=== TASK OBJECTIVE ===
Would you give the entries again word for word, with no pictures in the copy?

-------- DATASET EXTRACT --------

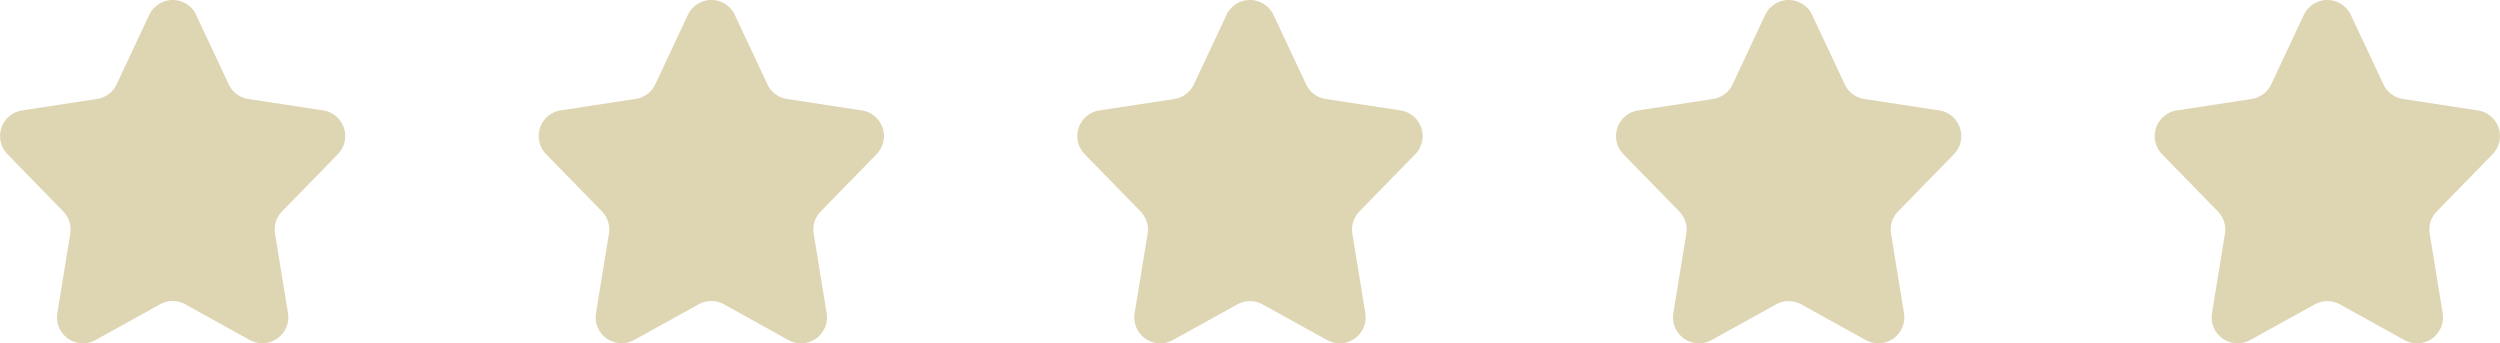 <svg id="Stars" xmlns="http://www.w3.org/2000/svg" xmlns:xlink="http://www.w3.org/1999/xlink" width="186.5" height="25.614" viewBox="0 0 186.5 25.614">
  <defs>
    <clipPath id="clip-path">
      <rect id="Rectangle_10825" data-name="Rectangle 10825" width="186.5" height="25.614" fill="#ded5b3"/>
    </clipPath>
  </defs>
  <g id="Group_90795" data-name="Group 90795" clip-path="url(#clip-path)">
    <path id="Path_56856" data-name="Path 56856" d="M794.633,1.114l2.43,5.178a1.937,1.937,0,0,0,1.461,1.092l5.589.854a1.937,1.937,0,0,1,1.094,3.267l-4.165,4.269a1.937,1.937,0,0,0-.525,1.664l.966,5.924a1.937,1.937,0,0,1-2.849,2.007L793.817,22.7a1.937,1.937,0,0,0-1.874,0l-4.818,2.663a1.937,1.937,0,0,1-2.849-2.007l.966-5.924a1.937,1.937,0,0,0-.525-1.664L780.552,11.5a1.937,1.937,0,0,1,1.094-3.267l5.589-.854A1.937,1.937,0,0,0,788.7,6.292l2.43-5.178a1.937,1.937,0,0,1,3.507,0" transform="translate(-739.815 0)" fill="#ded5b3"/>
    <path id="Path_56857" data-name="Path 56857" d="M14.633,1.114l2.43,5.178a1.937,1.937,0,0,0,1.461,1.092l5.589.854A1.937,1.937,0,0,1,25.207,11.5l-4.165,4.269a1.937,1.937,0,0,0-.525,1.664l.966,5.924a1.937,1.937,0,0,1-2.849,2.007L13.817,22.7a1.937,1.937,0,0,0-1.874,0L7.125,25.368a1.937,1.937,0,0,1-2.849-2.007l.966-5.924a1.937,1.937,0,0,0-.525-1.664L.553,11.5A1.937,1.937,0,0,1,1.646,8.237l5.589-.854A1.937,1.937,0,0,0,8.7,6.292l2.43-5.178a1.937,1.937,0,0,1,3.507,0" transform="translate(0 0)" fill="#ded5b3"/>
    <path id="Path_56858" data-name="Path 56858" d="M1574.633,1.114l2.43,5.178a1.937,1.937,0,0,0,1.461,1.092l5.589.854a1.937,1.937,0,0,1,1.094,3.267l-4.165,4.269a1.937,1.937,0,0,0-.525,1.664l.966,5.924a1.937,1.937,0,0,1-2.849,2.007l-4.818-2.663a1.937,1.937,0,0,0-1.874,0l-4.818,2.663a1.937,1.937,0,0,1-2.849-2.007l.966-5.924a1.937,1.937,0,0,0-.525-1.664l-4.165-4.269a1.937,1.937,0,0,1,1.094-3.267l5.589-.854a1.937,1.937,0,0,0,1.461-1.092l2.43-5.178a1.937,1.937,0,0,1,3.507,0" transform="translate(-1479.63 0)" fill="#ded5b3"/>
    <path id="Path_56859" data-name="Path 56859" d="M2354.633,1.114l2.43,5.178a1.937,1.937,0,0,0,1.461,1.092l5.589.854a1.937,1.937,0,0,1,1.094,3.267l-4.165,4.269a1.938,1.938,0,0,0-.525,1.664l.966,5.924a1.937,1.937,0,0,1-2.849,2.007l-4.818-2.663a1.937,1.937,0,0,0-1.874,0l-4.817,2.663a1.937,1.937,0,0,1-2.849-2.007l.966-5.924a1.937,1.937,0,0,0-.525-1.664l-4.165-4.269a1.937,1.937,0,0,1,1.094-3.267l5.589-.854a1.938,1.938,0,0,0,1.461-1.092l2.43-5.178a1.937,1.937,0,0,1,3.506,0" transform="translate(-2219.445 0)" fill="#ded5b3"/>
    <path id="Path_56860" data-name="Path 56860" d="M3134.633,1.114l2.43,5.178a1.937,1.937,0,0,0,1.461,1.092l5.589.854a1.937,1.937,0,0,1,1.094,3.267l-4.165,4.269a1.937,1.937,0,0,0-.525,1.664l.966,5.924a1.937,1.937,0,0,1-2.849,2.007l-4.818-2.663a1.937,1.937,0,0,0-1.874,0l-4.818,2.663a1.937,1.937,0,0,1-2.849-2.007l.966-5.924a1.938,1.938,0,0,0-.525-1.664l-4.165-4.269a1.937,1.937,0,0,1,1.094-3.267l5.589-.854a1.937,1.937,0,0,0,1.461-1.092l2.43-5.178a1.937,1.937,0,0,1,3.507,0" transform="translate(-2959.26 0)" fill="#ded5b3"/>
  </g>
</svg>

--------

=== ANSWER TO THE PROBLEM ===
 <svg id="Stars" xmlns="http://www.w3.org/2000/svg" xmlns:xlink="http://www.w3.org/1999/xlink" width="186.5" height="25.614" viewBox="0 0 186.5 25.614">
  <defs>
    <clipPath id="clip-path">
      <rect id="Rectangle_10825" data-name="Rectangle 10825" width="186.5" height="25.614" fill="#ded5b3"/>
    </clipPath>
  </defs>
  <g id="Group_90795" data-name="Group 90795" clip-path="url(#clip-path)">
    <path id="Path_56856" data-name="Path 56856" d="M794.633,1.114l2.43,5.178a1.937,1.937,0,0,0,1.461,1.092l5.589.854a1.937,1.937,0,0,1,1.094,3.267l-4.165,4.269a1.937,1.937,0,0,0-.525,1.664l.966,5.924a1.937,1.937,0,0,1-2.849,2.007L793.817,22.7a1.937,1.937,0,0,0-1.874,0l-4.818,2.663a1.937,1.937,0,0,1-2.849-2.007l.966-5.924a1.937,1.937,0,0,0-.525-1.664L780.552,11.5a1.937,1.937,0,0,1,1.094-3.267l5.589-.854A1.937,1.937,0,0,0,788.7,6.292l2.43-5.178a1.937,1.937,0,0,1,3.507,0" transform="translate(-739.815 0)" fill="#ded5b3"/>
    <path id="Path_56857" data-name="Path 56857" d="M14.633,1.114l2.43,5.178a1.937,1.937,0,0,0,1.461,1.092l5.589.854A1.937,1.937,0,0,1,25.207,11.5l-4.165,4.269a1.937,1.937,0,0,0-.525,1.664l.966,5.924a1.937,1.937,0,0,1-2.849,2.007L13.817,22.7a1.937,1.937,0,0,0-1.874,0L7.125,25.368a1.937,1.937,0,0,1-2.849-2.007l.966-5.924a1.937,1.937,0,0,0-.525-1.664L.553,11.5A1.937,1.937,0,0,1,1.646,8.237l5.589-.854A1.937,1.937,0,0,0,8.7,6.292l2.43-5.178a1.937,1.937,0,0,1,3.507,0" transform="translate(0 0)" fill="#ded5b3"/>
    <path id="Path_56858" data-name="Path 56858" d="M1574.633,1.114l2.43,5.178a1.937,1.937,0,0,0,1.461,1.092l5.589.854a1.937,1.937,0,0,1,1.094,3.267l-4.165,4.269a1.937,1.937,0,0,0-.525,1.664l.966,5.924a1.937,1.937,0,0,1-2.849,2.007l-4.818-2.663a1.937,1.937,0,0,0-1.874,0l-4.818,2.663a1.937,1.937,0,0,1-2.849-2.007l.966-5.924a1.937,1.937,0,0,0-.525-1.664l-4.165-4.269a1.937,1.937,0,0,1,1.094-3.267l5.589-.854a1.937,1.937,0,0,0,1.461-1.092l2.43-5.178a1.937,1.937,0,0,1,3.507,0" transform="translate(-1479.63 0)" fill="#ded5b3"/>
    <path id="Path_56859" data-name="Path 56859" d="M2354.633,1.114l2.43,5.178a1.937,1.937,0,0,0,1.461,1.092l5.589.854a1.937,1.937,0,0,1,1.094,3.267l-4.165,4.269a1.938,1.938,0,0,0-.525,1.664l.966,5.924a1.937,1.937,0,0,1-2.849,2.007l-4.818-2.663a1.937,1.937,0,0,0-1.874,0l-4.817,2.663a1.937,1.937,0,0,1-2.849-2.007l.966-5.924a1.937,1.937,0,0,0-.525-1.664l-4.165-4.269a1.937,1.937,0,0,1,1.094-3.267l5.589-.854a1.938,1.938,0,0,0,1.461-1.092l2.43-5.178a1.937,1.937,0,0,1,3.506,0" transform="translate(-2219.445 0)" fill="#ded5b3"/>
    <path id="Path_56860" data-name="Path 56860" d="M3134.633,1.114l2.43,5.178a1.937,1.937,0,0,0,1.461,1.092l5.589.854a1.937,1.937,0,0,1,1.094,3.267l-4.165,4.269a1.937,1.937,0,0,0-.525,1.664l.966,5.924a1.937,1.937,0,0,1-2.849,2.007l-4.818-2.663a1.937,1.937,0,0,0-1.874,0l-4.818,2.663a1.937,1.937,0,0,1-2.849-2.007l.966-5.924a1.938,1.938,0,0,0-.525-1.664l-4.165-4.269a1.937,1.937,0,0,1,1.094-3.267l5.589-.854a1.937,1.937,0,0,0,1.461-1.092l2.43-5.178a1.937,1.937,0,0,1,3.507,0" transform="translate(-2959.26 0)" fill="#ded5b3"/>
  </g>
</svg>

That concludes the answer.